My experience with "mystery sightings" like this one is that the cars they are testing are soon to be released for sale to the NA market. I hope that is the case with this one!


----------



## nsingh9 (Jun 24, 2002)

*Re: A3 Sighting I-75 South of Tampa at 9:00 this morning! (rob_at_suncoast)*

Yea, that would rock... I'll try calling Audi soon and seeing if they will give up any info.
But interesting that it was the 2-door version, from the info. that i've gotten i thought they are only bringing the 4-door version 1st








Wonder what engine it plans on coming with, and ofcourse pricing...


----------



## A4two.eight (Nov 8, 2003)

*Re: A3 Sighting I-75 South of Tampa at 9:00 this morning! (nsingh9)*

Thats awesome that you saw one
did it look clean and pollished
as we all have only seen picks except 
you, the luckiest bastard in the U.S.








i always pack the digital heat
will it be a cool car?
Thanks jon
i hope they scrap the 4-door one it would look like a Hyundai Elentra GT
which is horrible but my girl sweats them for some reason 
anyway thanks
I did capture a pic of an Astin Marten Vanquish in Madison Wi
later did i discover that my old guy was driving it!!!!!!!
He sold his stage 4 996 twin turbo? why


----------



## rob_at_suncoast (Sep 24, 2003)

*Re: A3 Sighting I-75 South of Tampa at 9:00 this morning! (A4two.eight)*

It had some lines that were unmistakeably Golf but there were other aspects of it that were cleaner and some that were more agressive.

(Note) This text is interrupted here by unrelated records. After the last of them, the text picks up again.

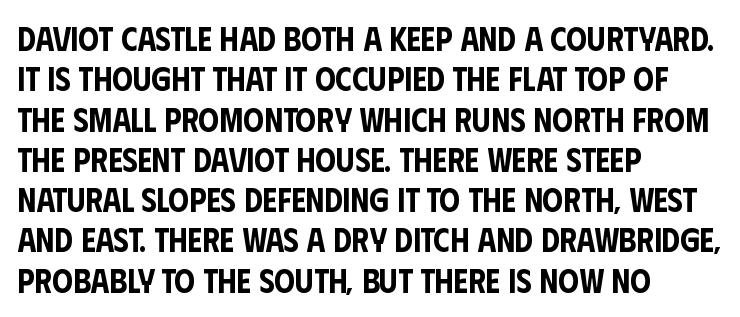
The image shows 33 px condensed sans-serif type, upright; set left-aligned, line spacing 1.22x, normal letter spacing, not underlined; low stroke contrast and a large x-height.
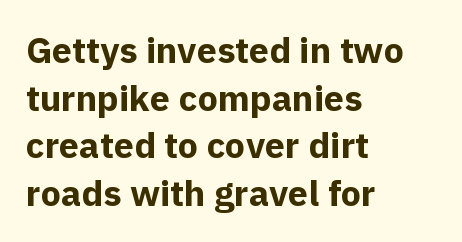
The image shows 36 px bold sans-serif type, upright; set left-aligned, normal line spacing (1.32x), normal letter spacing, not underlined; a medium x-height.
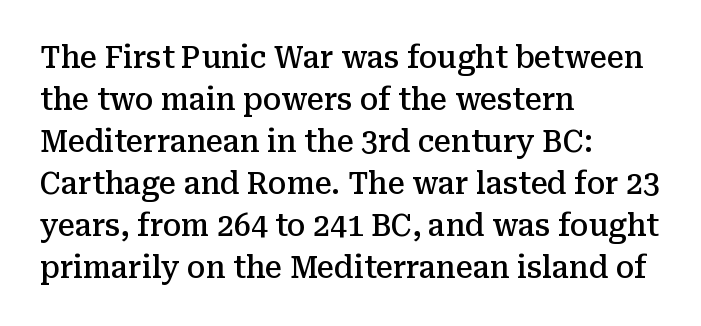
The image shows 30 px semibold serif type, upright; set left-aligned, normal line spacing (1.4x), normal letter spacing, not underlined; medium stroke contrast and a medium x-height.
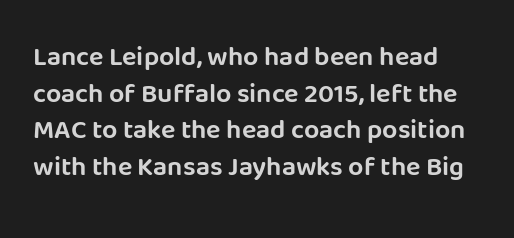
The image shows 27 px text type, upright; set normal line spacing (1.36x), normal letter spacing, not underlined.
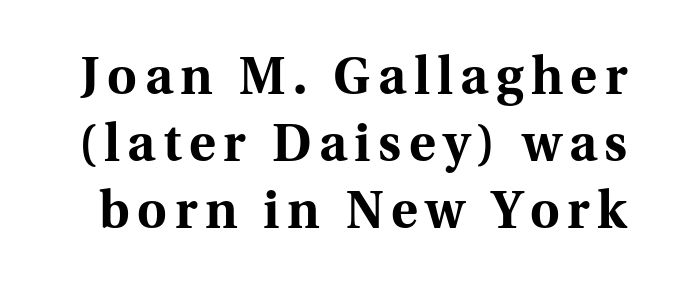
The image shows 51 px bold serif type, upright; set normal line spacing (1.31x), not underlined; medium stroke contrast and a medium x-height.
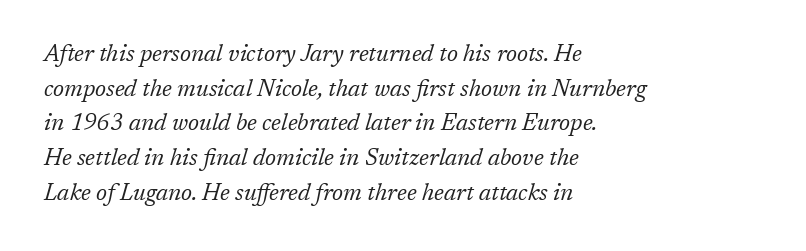
Q: Is the text bold? A: No.
Q: Is the text italic (slanted)? A: Yes, it leans right by about 17 degrees.
Q: Is the text underlined? A: No.
Q: How is the paragraph aligned? A: Left-aligned.
Q: Is the spacing between letters normal or unusually wide? A: Normal.
Q: Is the spacing between lines tight, normal or loose? A: Normal.
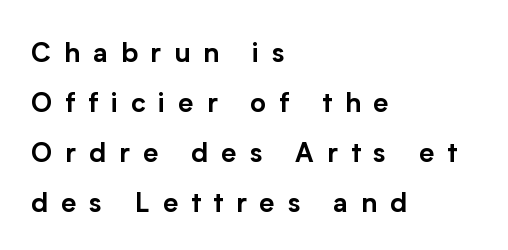
The type sits square on the baseline with zero lean. Casual observation: everything's shoved over to the left. Characters follow at a spacing far wider than the type designer built in. Anything drawn beneath the words? Only blank space.

The rear of the car was very clean with just the Audi rings on the rear door. The front and rear bumpers, the front grill, headlamps, taillamps, hood and mirrors looked like they would be exclusive A3 items. They also may be prime candidates for Golf transplants.
The thing that gets me is that it looked like 17" sport wheels on the car. I wonder if I wasn't looking at an S?!?!? I could see the front brake calipers and even though it was at 70mph, they looked like the big Golf brake set up found on the 337.
By the way, everyone is welcome to flog me for not having my camera.


----------



## kevjandon (May 2, 2003)

*Re: A3 Sighting I-75 South of Tampa at 9:00 this morning! (rob_at_suncoast)*

Here is a real sighting with a photo (crappy photo):
http://forums.vwvortex.com/zerothread?id=1102137
A true S3. 1.8t motor with 210 hp and all wheel drive. Blue (jazz blue/nauraggo blue) with black and blue leather interior. This thing was awesome all the way down to the brushed aluminum rear view mirrors. I saw it in person and met with the owner at a monthly GTG at our local VW dealership.
He is a German Native and had the car imported. It is kind of on a temporary visa. He can drive it here all he wants, but can not sell it as it has a European title. He was very well versed on the car and said if you want one, you can get one in Mexico for about 40,000.
I would sell my 20th in a heartbeat for this thing. It was awesome.


----------



## whtbutterofrage (Aug 19, 2003)

*Re: A3 Sighting I-75 South of Tampa at 9:00 this morning! (kevjandon)*

LOL: I have met him also, I come to vegas once a year for the ski show and my boy Brian has a shop out there and he took me to those GTG you guys have. Some sweet rides out there in sin city...


----------



## RafaGolfBr (Dec 17, 2001)

*Re: A3 Sighting I-75 South of Tampa at 9:00 this morning! (whtbutterofrage)*

there is a VW/AUDI training center behind my college right next to where a friend works. I will def. check it out, last time I was there they had an A6 or S6 and a nother car I couldnt see... there was no one in there so I just kept walking in till I found where they keep/ train the mechanics. My friend told me that he saw a car like mine but w/ dual exhaust months ago, I was like nice... turned out that it was an R32. I want an A3 so bad.. i hope they bring it just in time for me to pay off my MkIV


----------